You simply filled the molds with Goop and then heated until a noticeable color change indicated that the plastic had cured. After a bit of cooling, you pried the insect from the mold with a pointed metal stick. Bottles of Goop didn’t last long at the rate we created our creatures. Up until this point, fake bugs were acquired one at a time from clear plastic eggs in a grocery store gumball machine at the cost of up to 25 cents each. With the Thingmaker, we made hundreds of them! This toy line became a franchise unto itself, spinning off dozens of themed sets all the way into the early 1970s.
When I had kids of my own, I was thrilled to see that these toys still existed. Sort of. By the 1990s, safety-conscious manufacturers substituted hot plates for light bulbs, encasing the previously open and accessible scalding surfaces deep within the machine. They took forever to work due to lower heat and were just not that fun. My kids never enjoyed them much.
The final member of our Mattel triad was the Power Shop. This was a truly useful little woodworking tool that morphed into one of four configurations: jigsaw, lathe, disc sander, or drill press. It came with an assortment of balsa wood pieces and project ideas but could handle much more.
I used all four tools to make a little cannon. I carefully turned the barrel on the lathe, creating a sculpted shape from a square block of wood. The resulting pile of wood shavings raised the sweet smell of pine sawdust that I later came to enjoy in high school woodshop.
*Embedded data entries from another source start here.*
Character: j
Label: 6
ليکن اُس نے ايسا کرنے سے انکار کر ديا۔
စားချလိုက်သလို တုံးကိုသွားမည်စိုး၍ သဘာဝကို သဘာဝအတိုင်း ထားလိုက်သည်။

The jigsaw removed excess material to form the spokes of the wheels, and the drill press created the holes in the wheels for the axles. Everything was sanded to a smooth finish. The project occupied me for many hours.
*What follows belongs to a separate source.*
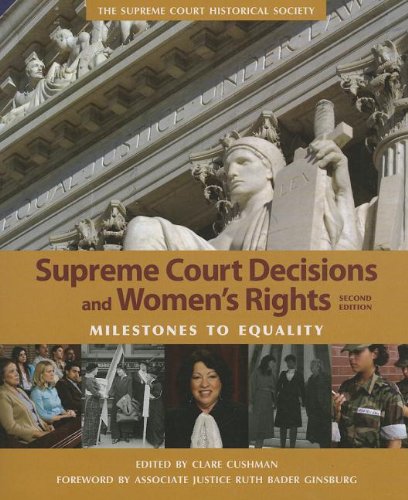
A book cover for Supreme Court Decisions and Womens Rights; Clare Cushman; Law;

Within my chemistry set was the one special toy that didn’t end up going wherever toys end up when you age. It was so intriguing I kept it. When I acquired the set from the curb, it included a small, black device that looked like the eyepiece for a microscope or maybe a jeweler’s loupe. I discovered it was actually a spinthariscope, a toy version of a tool that allows a viewer to observe the nuclear disintegration of ionizing alpha radiation on a surface coated with radium or another phosphor.
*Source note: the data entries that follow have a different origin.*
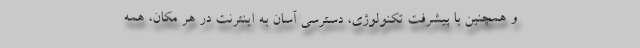
و همچنین با پیشرفت تکنولوژی، دسترسی آسان به اینترنت در هر مکان، همه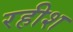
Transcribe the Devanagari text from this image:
रहीश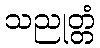
သညုတ္တံ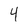
Character: 4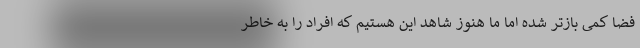
فضا کمی بازتر شده اما ما هنوز شاهد این هستیم که افراد را به خاطر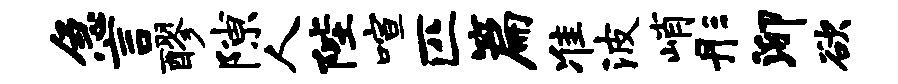
急言醪隙人陛喧匹篇准波峭彤泖欲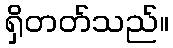
ရှိတတ်သည်။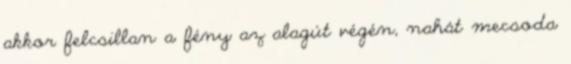
akkor felcsillan a fény az alagút végén, nahát mecsoda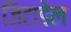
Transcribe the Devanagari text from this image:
ज़िटाडेल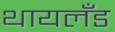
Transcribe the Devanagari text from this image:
थायलँड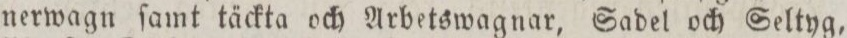
nerwagn ſamt täckta och Arbetswagnar, Sadel och Seltyg,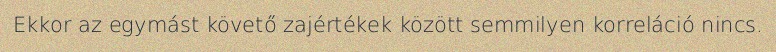
Ekkor az egymást követő zajértékek között semmilyen korreláció nincs.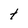
Character: t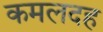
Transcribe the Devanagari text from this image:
कमलदह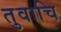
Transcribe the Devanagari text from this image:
तुवाचि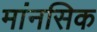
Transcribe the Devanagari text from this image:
मांनसिक

The Gilbert Company created the U-238 Atomic Energy Lab, parts of which had been combined with the chemistry set I found. The appeal of these activity toys was the way they encouraged ingenuity. While Creepy Crawlers limited the resulting output, Vac-U-Form and Power Shop allowed experimentation and the ability to go off-script, much like my earlier chemistry set.
Flesh-searing hotplates were all the rage, inspiring another 390-degree kid-burner.
Now, after the lights go out and my eyes have adjusted to the dark, the greenish remnants of radioactive decay sparking and streaking across the dark field within the eyepiece continue to amaze me. There’s no ON switch. The particles have been randomly striking the spinthariscope and everything around me, everywhere and always, since the last time I looked. It is a humbling experience, witnessing the evidence of cosmic elements that are otherwise described only in books or on science television.
To say this makes me feel one with the universe would be hyperbole, but it sort of forges a connection. The persistence and ubiquitous nature of these particles, some of which effortlessly pass through the human body at perhaps 4 percent of the speed of light, speak to the greater mysteries of the universe and the brilliant minds that have postulated and then proved their existence.
I’m grateful there were no computers or video games when I was young. The educational, interactive nature of these and other toys led me to a career in medical laboratory science, research and development, and, eventually, science writing.
Best toy? Maybe you remember another.